All of you who have been chiding me about my recent lack of blogging will be happy to know I’ve been summoned from my slumber by the brand wizards and trend gurus at PSFK. They were looking for some guys to blog as part of their “Carnival of Modern Man” and, as a big fan of their blog, masculinity and, well, carnivals I guess, I said yes. Thus the logo. (Does this make me a carny of some sort?)
Anyway, I’ll be blogging on this topic frequently for the next couple of weeks and I really hope all of you–the nonfamous nonstrangers and our quiet lurkers alike!–will chime in. Feel free to give me tips on any man-related tidbits that you think would be good grist for the mill.

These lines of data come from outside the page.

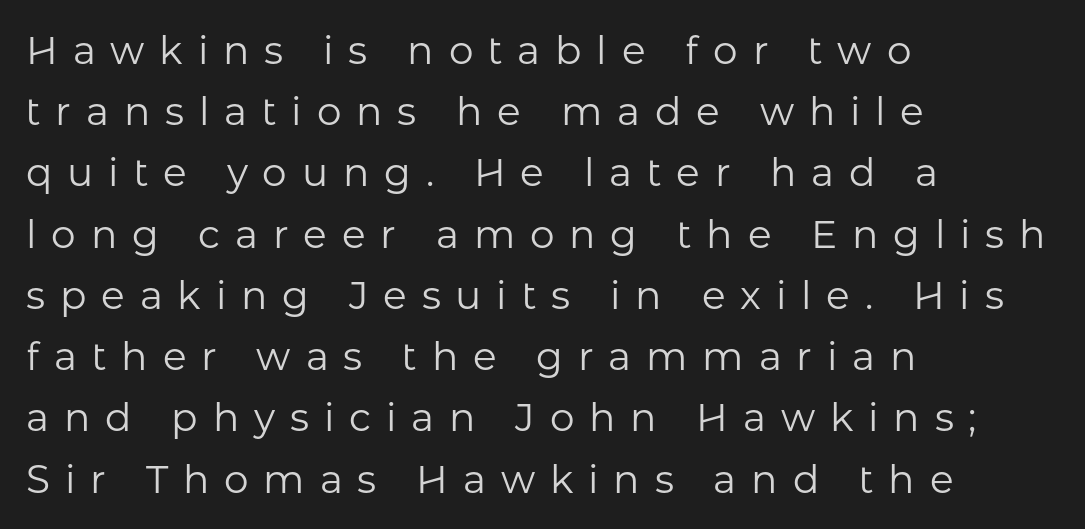
{"serif": "no", "italic": "no", "bold": "no", "weight": "regular", "width": "normal", "stroke_contrast": "low", "x_height": "medium", "monospaced": "no", "underline": "no", "align": "left", "line_spacing": "normal", "line_spacing_ratio": 1.57, "letter_spacing": "wide", "letter_spacing_em": 0.38, "glyph_px": 39}
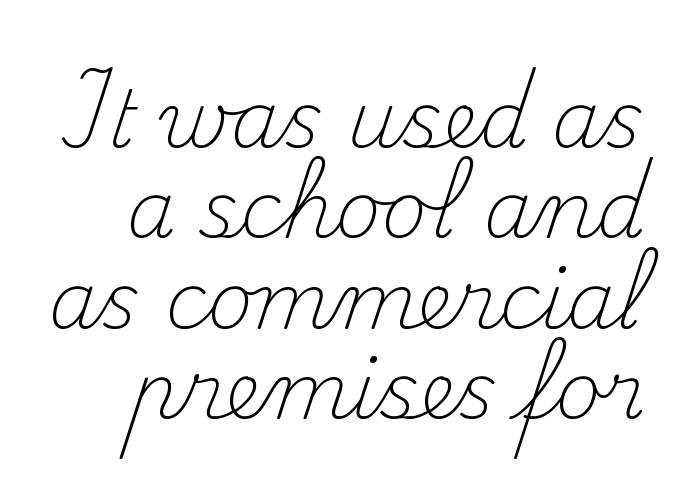
The type family on display is of the serif kind. Vertical stems look standard width or narrower in stroke. A bare baseline throughout the passage. You could not count columns in this text — the font is proportionally spaced.
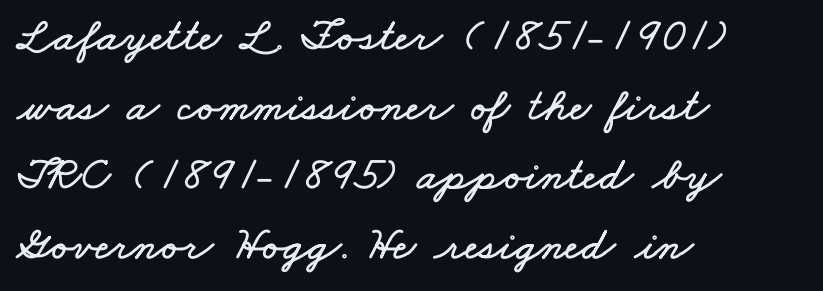
Q: Is the text underlined? A: No.
Q: How is the paragraph aligned? A: Left-aligned.
Q: Is the spacing between letters normal or unusually wide? A: Normal.
Q: Is the spacing between lines tight, normal or loose? A: Normal.
Q: Width (condensed, normal, or wide)? A: Wide.
Q: Stroke contrast? A: Low.
Q: x-height? A: Small.
Q: Monospaced? A: No.
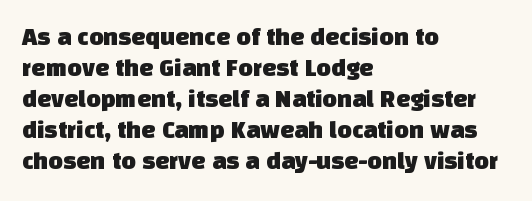
Q: Is the text underlined? A: No.
Q: How is the paragraph aligned? A: Left-aligned.
Q: Is the spacing between letters normal or unusually wide? A: Normal.
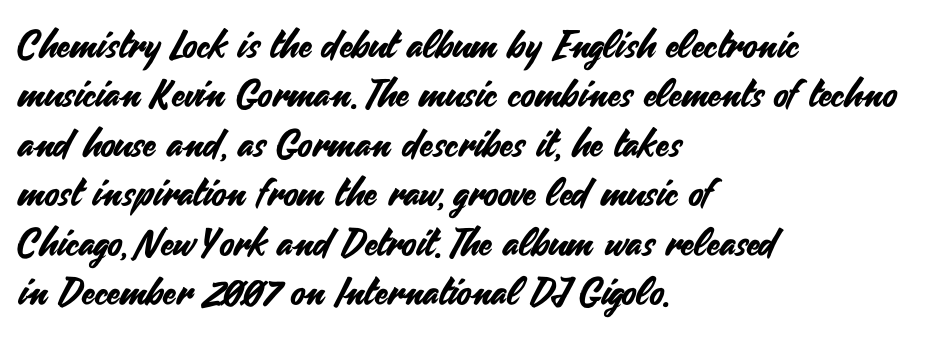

It’s an expansive topic, and one that I navigate with occasional perplexity. What’s a post-gay guy to do in a world where metrosexuals, ubersexuals, transsexuals, thugs, bears, bois, meatheads and Fake Cowboy Presidents fight over the scraps of meaning in our fallen republic? As Rufus Wainwright sings “Made me a man/ oh but who cares what that is?”
Actually, compared to a lot of gay guys I know, I don’t worry about it too much. I guess the main reason I can be completely comfortable in my skin as a man is my dad. Those of you who know him know that he’s a giant redwood of a man who has spent most of his life tearing down (and occasionally blowing up) buildings. For the past year, he has been in New Orleans helping dig the city out of its mucky neglect. In short, his butch bona fides are there for all to see and have never been questioned.
But he’s also an amazingly delicate man with a laugh that is prone to escalating into a high giggle, a propensity to cry at the movies and a steadfast commitment to doing his share (OK, more than his share) of the housework. He has never told a fart joke and no matter how filthy hours of work on a demolition site might make him, his nails are always fastidiously clean. I’m not sure which of my sisters started it, but we’ve called him a “sensitive new age redneck” for years–which I suppose means for him it’s no contradiction to listen to Rush Limbaugh and tell me how angry he gets when the GOP has another of its bad jags of gay-baiting. The “Big L” is an amazing guy and as different as our lives are, he’s an amazing father and role model for me. Here is my favorite recent picture of him, with me at David’s and my wedding in Vancouver:
(That may well have been his pink cocktail by the way… he hardly ever drinks but when he does he kind of likes the girly drinks.)
And just for good measure, a shot of him and his Christmas present the previous year:
The Quake being, of course, the gay rugby team David and I played on. Why not?
All that is to say that I always knew, on a deeply personal level, that real men aren’t troubled by our contradictions–we revel in them. Walt Whitman is, of course, the patron saint of this faith:
Do I contradict myself?
Very well then, I conradict myself
(I am large, I contain multitudes.)
But there’s very little Whitman left these days, which I guess is one reason Modern Man needs a carnival. Just don’t waste your money on the ring toss.